Work instructions:
Exactly as written, set down the lines from the top of the entries through the line bearing "63.621L46.99 64.138C46.99 64.138", with every picture left out.

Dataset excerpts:
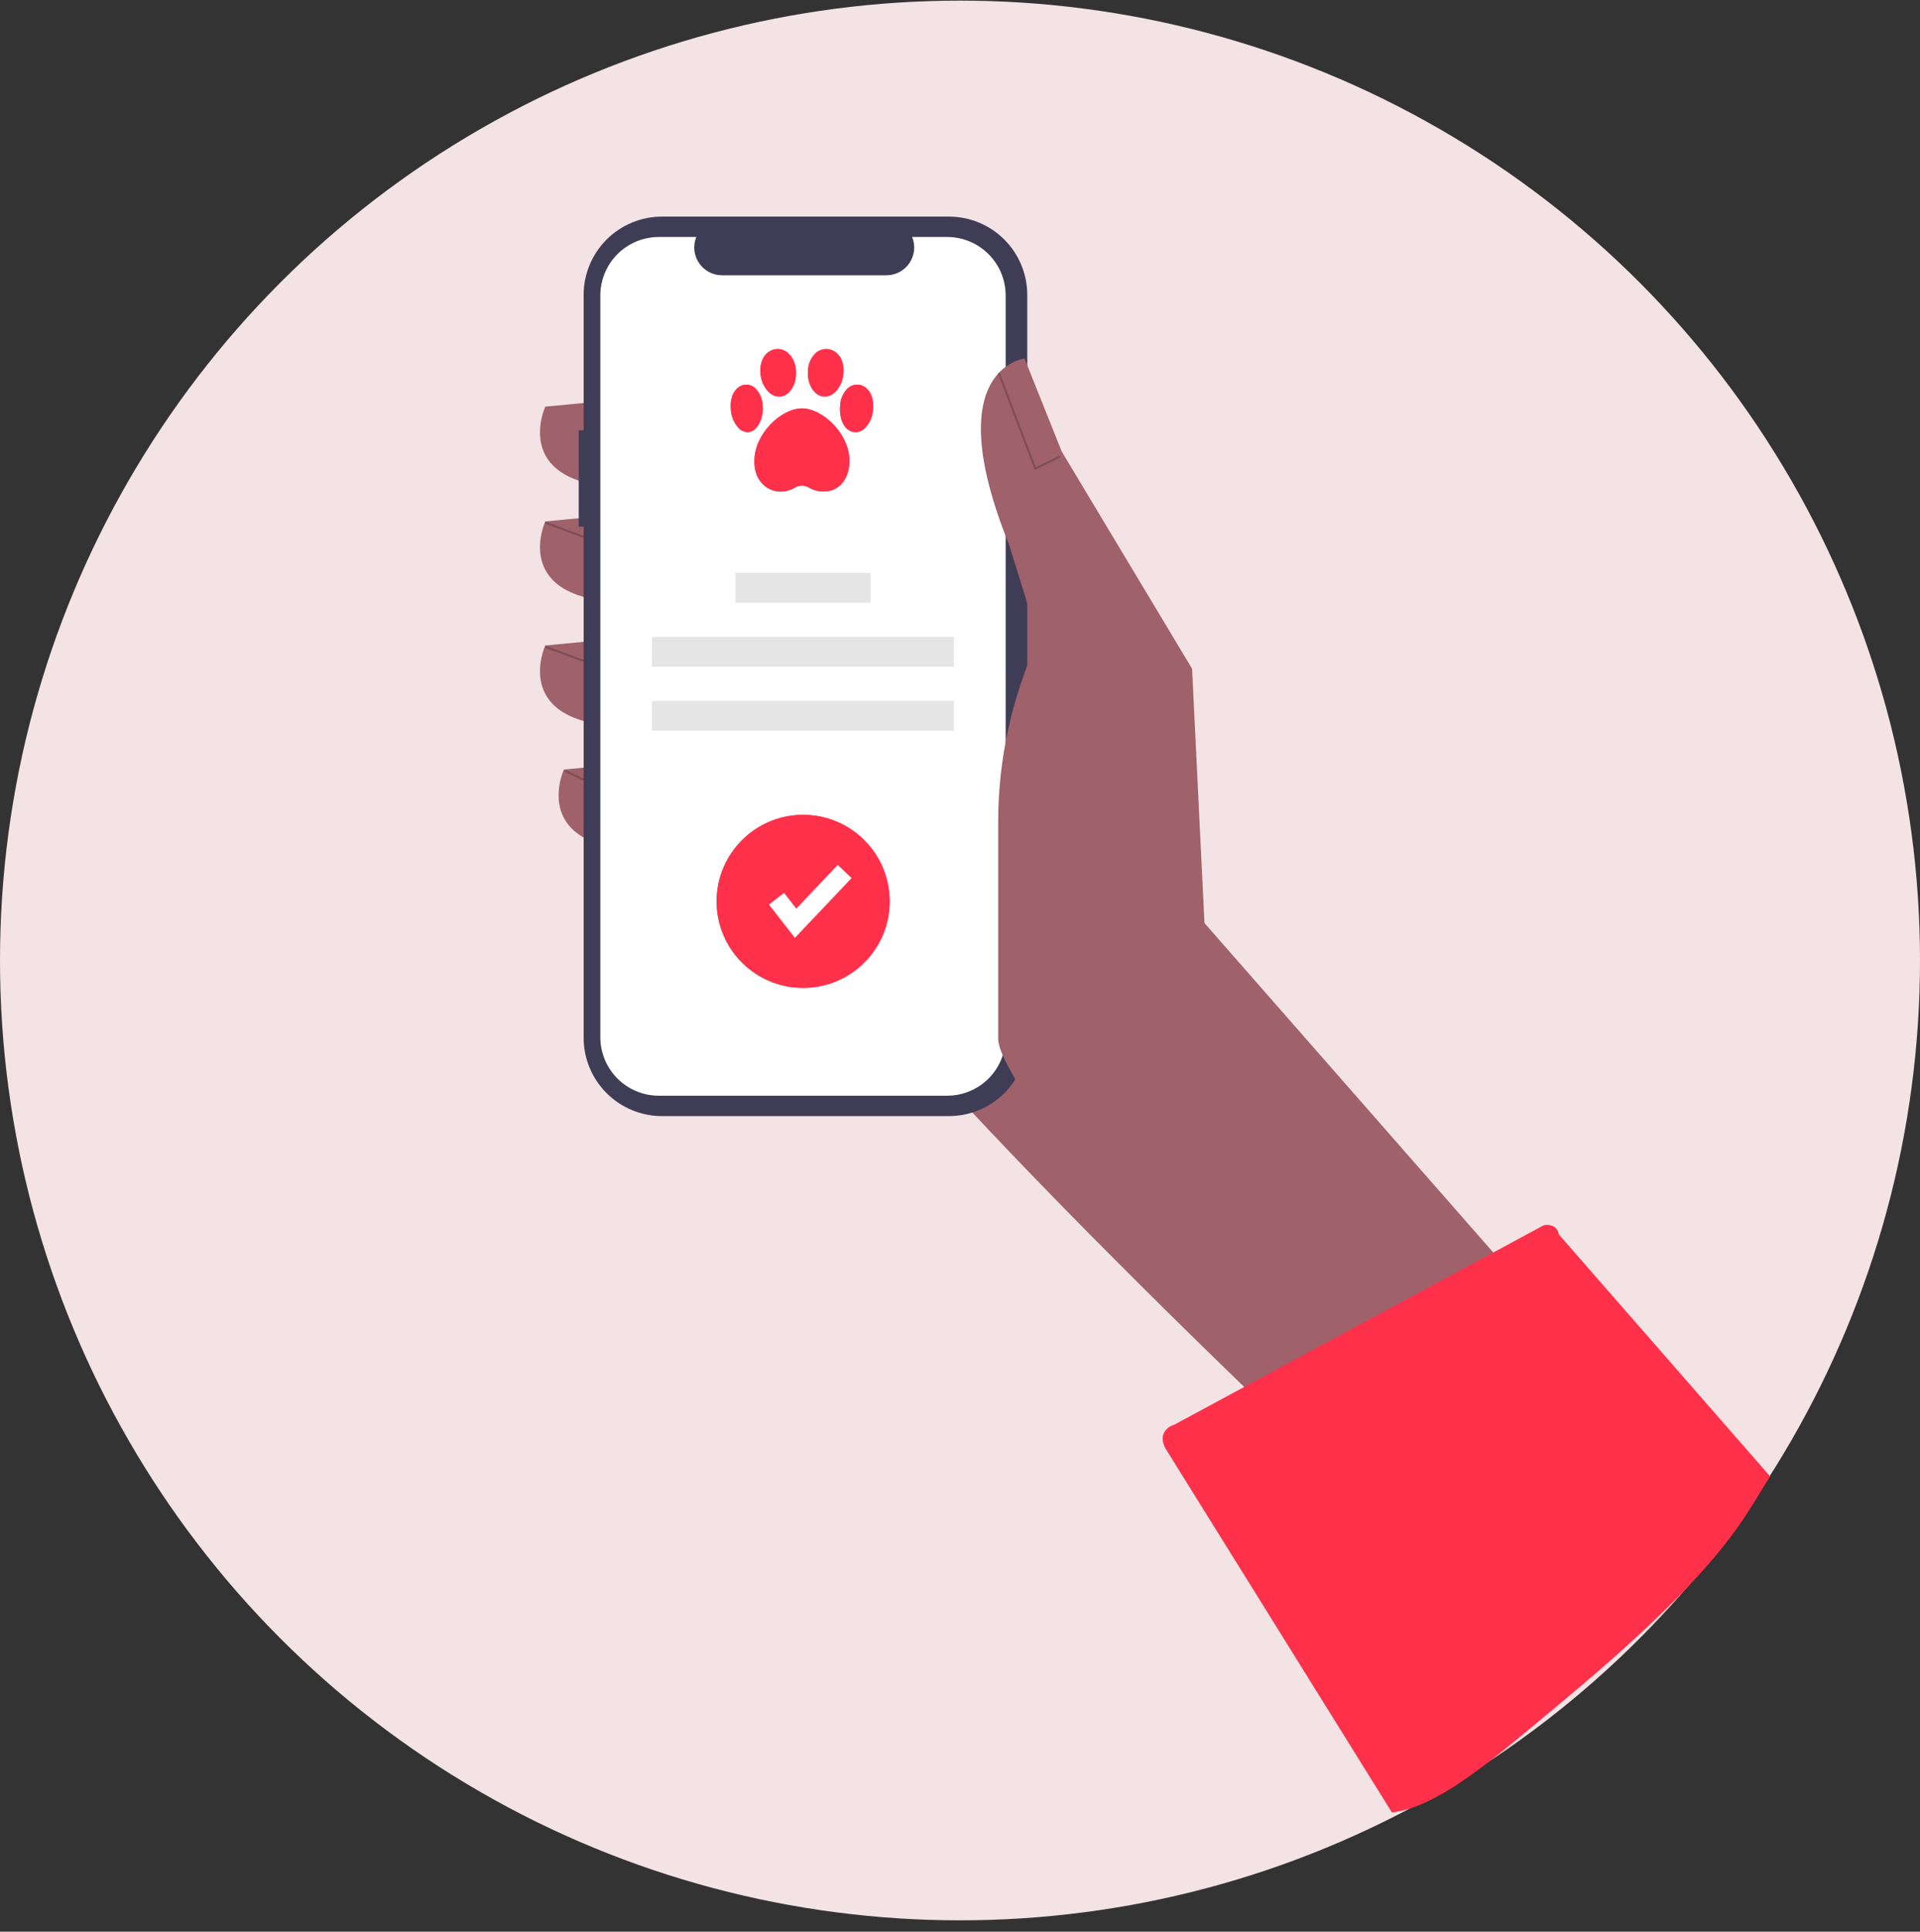 <svg width="160" height="161" viewBox="0 0 160 161" fill="none" xmlns="http://www.w3.org/2000/svg">
<rect x="0" y="0" width="160" height="161" fill="#333333" stroke="none"/>
<circle cx="80" cy="80.052" r="80" fill="#F3E3E5"/>
<path d="M104.956 101.606L105.79 117.618C105.79 117.618 70.515 84.044 66.12 74.221C61.725 64.397 69.998 40.097 69.998 40.097L88.352 50.179L104.956 101.606Z" fill="#9F616A"/>
<path d="M50.868 33.376L45.439 33.892C45.439 33.892 42.595 40.097 51.385 40.614L50.868 33.376Z" fill="#9F616A"/>
<path d="M50.868 42.94L45.439 43.458C45.439 43.458 42.595 49.662 51.385 50.179L50.868 42.94Z" fill="#9F616A"/>
<path d="M50.868 53.281L45.439 53.798C45.439 53.798 42.595 60.002 51.385 60.519L50.868 53.281Z" fill="#9F616A"/>
<path d="M52.419 63.621L46.99 64.138C46.99 64.138 44.146 70.343 52.936 70.86L52.419 63.621Z" fill="#9F616A"/>
<path d="M48.225 35.868H48.636V24.584C48.636 23.726 48.806 22.877 49.134 22.084C49.462 21.292 49.943 20.572 50.549 19.965C51.156 19.359 51.876 18.878 52.668 18.55C53.461 18.221 54.31 18.052 55.168 18.052H79.075C79.933 18.052 80.782 18.221 81.575 18.55C82.367 18.878 83.087 19.359 83.693 19.965C84.3 20.572 84.781 21.292 85.109 22.084C85.437 22.877 85.606 23.726 85.606 24.584V86.491C85.606 87.348 85.437 88.198 85.109 88.99C84.781 89.782 84.3 90.502 83.693 91.109C83.087 91.715 82.367 92.196 81.575 92.525C80.782 92.853 79.933 93.022 79.075 93.022H55.168C53.435 93.022 51.774 92.334 50.55 91.109C49.325 89.884 48.636 88.223 48.636 86.491V43.9H48.225V35.868Z" fill="#3F3D56"/>
<path d="M54.904 19.752H58.025C57.882 20.104 57.827 20.485 57.866 20.863C57.904 21.241 58.036 21.604 58.248 21.919C58.459 22.235 58.746 22.493 59.081 22.672C59.416 22.851 59.791 22.944 60.171 22.944H73.867C74.247 22.944 74.621 22.851 74.956 22.672C75.292 22.493 75.578 22.235 75.79 21.919C76.002 21.604 76.133 21.241 76.172 20.863C76.211 20.485 76.156 20.104 76.012 19.752H78.927C80.221 19.752 81.461 20.266 82.376 21.18C83.291 22.095 83.805 23.335 83.805 24.629V86.445C83.805 87.086 83.678 87.72 83.433 88.312C83.188 88.904 82.829 89.441 82.376 89.894C81.923 90.347 81.385 90.706 80.794 90.951C80.202 91.197 79.568 91.323 78.927 91.323H54.904C54.264 91.323 53.63 91.197 53.038 90.951C52.446 90.706 51.909 90.347 51.456 89.894C51.003 89.441 50.644 88.904 50.398 88.312C50.153 87.72 50.027 87.086 50.027 86.445V24.629C50.027 23.989 50.153 23.354 50.398 22.763C50.644 22.171 51.003 21.633 51.456 21.18C51.909 20.727 52.446 20.368 53.038 20.123C53.63 19.878 54.264 19.752 54.904 19.752Z" fill="white"/>
<path d="M72.552 47.743H61.279V50.227H72.552V47.743Z" fill="#E5E5E5"/>
<path d="M79.496 53.079H54.334V55.563H79.496V53.079Z" fill="#E5E5E5"/>
<path d="M79.496 58.415H54.334V60.898H79.496V58.415Z" fill="#E5E5E5"/>
<path d="M129.308 109.946L100.373 76.935L99.339 55.737L88.481 37.641L85.379 29.886C85.379 29.886 78.141 30.661 84.087 45.396L86.543 53.281C84.329 58.049 83.182 63.243 83.182 68.5V86.567C83.182 90.822 103.456 113.995 105.815 117.535L129.308 109.946Z" fill="#9F616A"/>
<path d="M128.638 102.136L97.86 118.753C97.358 118.893 96.505 119.473 97.107 120.677L116 151.052C120 150.552 124.5 146.553 130.5 141.553C144.14 130.186 145.5 126.053 147.5 123.053L129.892 102.889C129.758 102.086 129 102.052 128.638 102.136Z" fill="#FF314A"/>
<path d="M128.638 102.136L97.86 118.753C97.358 118.893 96.505 119.473 97.107 120.677L116 151.052C120 150.552 124.5 146.553 130.5 141.553C144.14 130.186 145.5 126.053 147.5 123.053L129.892 102.889C129.758 102.086 129 102.052 128.638 102.136Z" fill="#FF314A"/>
<path opacity="0.2" d="M86.23 39.174L88.389 38.114L88.315 37.964L86.321 38.944L83.31 31.051L83.154 31.11L86.23 39.174Z" fill="black"/>
<path opacity="0.2" d="M45.468 43.488L45.41 43.645L48.608 44.822L48.665 44.666L45.468 43.488Z" fill="black"/>
<path opacity="0.2" d="M45.468 53.829L45.41 53.986L48.608 55.163L48.665 55.007L45.468 53.829Z" fill="black"/>
<path opacity="0.2" d="M47.143 64.173L47.071 64.324L48.628 65.071L48.7 64.92L47.143 64.173Z" fill="black"/>
<path d="M66.928 82.335C70.911 82.335 74.139 79.107 74.139 75.125C74.139 71.142 70.911 67.914 66.928 67.914C62.946 67.914 59.718 71.142 59.718 75.125C59.718 79.107 62.946 82.335 66.928 82.335Z" fill="#FF314A"/>
<path d="M66.928 82.335C70.911 82.335 74.139 79.107 74.139 75.125C74.139 71.142 70.911 67.914 66.928 67.914C62.946 67.914 59.718 71.142 59.718 75.125C59.718 79.107 62.946 82.335 66.928 82.335Z" fill="#FF314A"/>
<path d="M66.241 78.168L64.083 75.394L65.338 74.417L66.36 75.731L69.812 72.087L70.966 73.181L66.241 78.168Z" fill="white"/>
<path d="M64.148 32.755C64.367 32.941 64.643 33.044 64.93 33.049C65.82 33.049 66.433 31.978 66.322 30.829C66.308 30.557 66.241 30.29 66.124 30.044C66.008 29.798 65.843 29.577 65.641 29.395C65.505 29.282 65.348 29.198 65.179 29.148C65.01 29.097 64.833 29.081 64.658 29.101C63.931 29.182 63.258 29.909 63.378 31.142C63.416 31.759 63.693 32.337 64.148 32.755Z" fill="#FF314A"/>
<path d="M64.148 32.755C64.367 32.941 64.643 33.044 64.93 33.049C65.82 33.049 66.433 31.978 66.322 30.829C66.308 30.557 66.241 30.29 66.124 30.044C66.008 29.798 65.843 29.577 65.641 29.395C65.505 29.282 65.348 29.198 65.179 29.148C65.01 29.097 64.833 29.081 64.658 29.101C63.931 29.182 63.258 29.909 63.378 31.142C63.416 31.759 63.693 32.337 64.148 32.755Z" fill="#FF314A"/>
<path d="M61.597 35.723C61.787 35.905 62.038 36.01 62.301 36.017C63.047 36.017 63.656 34.946 63.556 33.796C63.537 33.258 63.318 32.746 62.942 32.361C62.825 32.251 62.685 32.168 62.532 32.117C62.38 32.067 62.218 32.05 62.058 32.068C61.402 32.149 60.795 32.876 60.904 34.109C60.932 34.713 61.178 35.287 61.597 35.723Z" fill="#FF314A"/>
<path d="M61.597 35.723C61.787 35.905 62.038 36.01 62.301 36.017C63.047 36.017 63.656 34.946 63.556 33.796C63.537 33.258 63.318 32.746 62.942 32.361C62.825 32.251 62.685 32.168 62.532 32.117C62.38 32.067 62.218 32.05 62.058 32.068C61.402 32.149 60.795 32.876 60.904 34.109C60.932 34.713 61.178 35.287 61.597 35.723Z" fill="#FF314A"/>
<path d="M67.338 30.827C67.225 31.978 67.831 33.049 68.727 33.049C69.014 33.045 69.29 32.941 69.509 32.756C69.965 32.338 70.241 31.759 70.279 31.142C70.4 29.909 69.727 29.182 68.999 29.101C68.825 29.082 68.648 29.098 68.48 29.148C68.311 29.198 68.154 29.281 68.019 29.393C67.816 29.576 67.652 29.796 67.535 30.042C67.418 30.288 67.351 30.555 67.338 30.827Z" fill="#FF314A"/>
<path d="M67.338 30.827C67.225 31.978 67.831 33.049 68.727 33.049C69.014 33.045 69.29 32.941 69.509 32.756C69.965 32.338 70.241 31.759 70.279 31.142C70.4 29.909 69.727 29.182 68.999 29.101C68.825 29.082 68.648 29.098 68.48 29.148C68.311 29.198 68.154 29.281 68.019 29.393C67.816 29.576 67.652 29.796 67.535 30.042C67.418 30.288 67.351 30.555 67.338 30.827Z" fill="#FF314A"/>
<path d="M70.015 33.795C69.91 34.945 70.376 36.017 71.309 36.017C71.58 36.011 71.839 35.906 72.037 35.722C72.468 35.291 72.724 34.717 72.755 34.108C72.867 32.875 72.24 32.148 71.563 32.067C71.398 32.048 71.232 32.065 71.074 32.115C70.917 32.166 70.772 32.25 70.649 32.361C70.263 32.74 70.036 33.254 70.015 33.795Z" fill="#FF314A"/>
<path d="M70.015 33.795C69.91 34.945 70.376 36.017 71.309 36.017C71.58 36.011 71.839 35.906 72.037 35.722C72.468 35.291 72.724 34.717 72.755 34.108C72.867 32.875 72.24 32.148 71.563 32.067C71.398 32.048 71.232 32.065 71.074 32.115C70.917 32.166 70.772 32.25 70.649 32.361C70.263 32.74 70.036 33.254 70.015 33.795Z" fill="#FF314A"/>
<path d="M67.396 40.627C67.78 40.854 68.22 40.97 68.667 40.962C69.916 40.962 70.788 39.911 70.788 38.407C70.788 36.157 68.557 34.038 66.829 34.038C65.1 34.038 62.869 36.157 62.869 38.407C62.819 40.561 64.728 41.543 66.261 40.627C66.432 40.522 66.628 40.467 66.829 40.467C67.029 40.467 67.225 40.522 67.396 40.627Z" fill="#FF314A"/>
<path d="M67.396 40.627C67.78 40.854 68.22 40.97 68.667 40.962C69.916 40.962 70.788 39.911 70.788 38.407C70.788 36.157 68.557 34.038 66.829 34.038C65.1 34.038 62.869 36.157 62.869 38.407C62.819 40.561 64.728 41.543 66.261 40.627C66.432 40.522 66.628 40.467 66.829 40.467C67.029 40.467 67.225 40.522 67.396 40.627Z" fill="#FF314A"/>
</svg>

Result for this exercise:
 <svg width="160" height="161" viewBox="0 0 160 161" fill="none" xmlns="http://www.w3.org/2000/svg">
<rect x="0" y="0" width="160" height="161" fill="#333333" stroke="none"/>
<circle cx="80" cy="80.052" r="80" fill="#F3E3E5"/>
<path d="M104.956 101.606L105.79 117.618C105.79 117.618 70.515 84.044 66.12 74.221C61.725 64.397 69.998 40.097 69.998 40.097L88.352 50.179L104.956 101.606Z" fill="#9F616A"/>
<path d="M50.868 33.376L45.439 33.892C45.439 33.892 42.595 40.097 51.385 40.614L50.868 33.376Z" fill="#9F616A"/>
<path d="M50.868 42.94L45.439 43.458C45.439 43.458 42.595 49.662 51.385 50.179L50.868 42.94Z" fill="#9F616A"/>
<path d="M50.868 53.281L45.439 53.798C45.439 53.798 42.595 60.002 51.385 60.519L50.868 53.281Z" fill="#9F616A"/>
<path d="M52.419 63.621L46.99 64.138C46.99 64.138 44.146 70.343 52.936 70.86L52.419 63.621Z" fill="#9F616A"/>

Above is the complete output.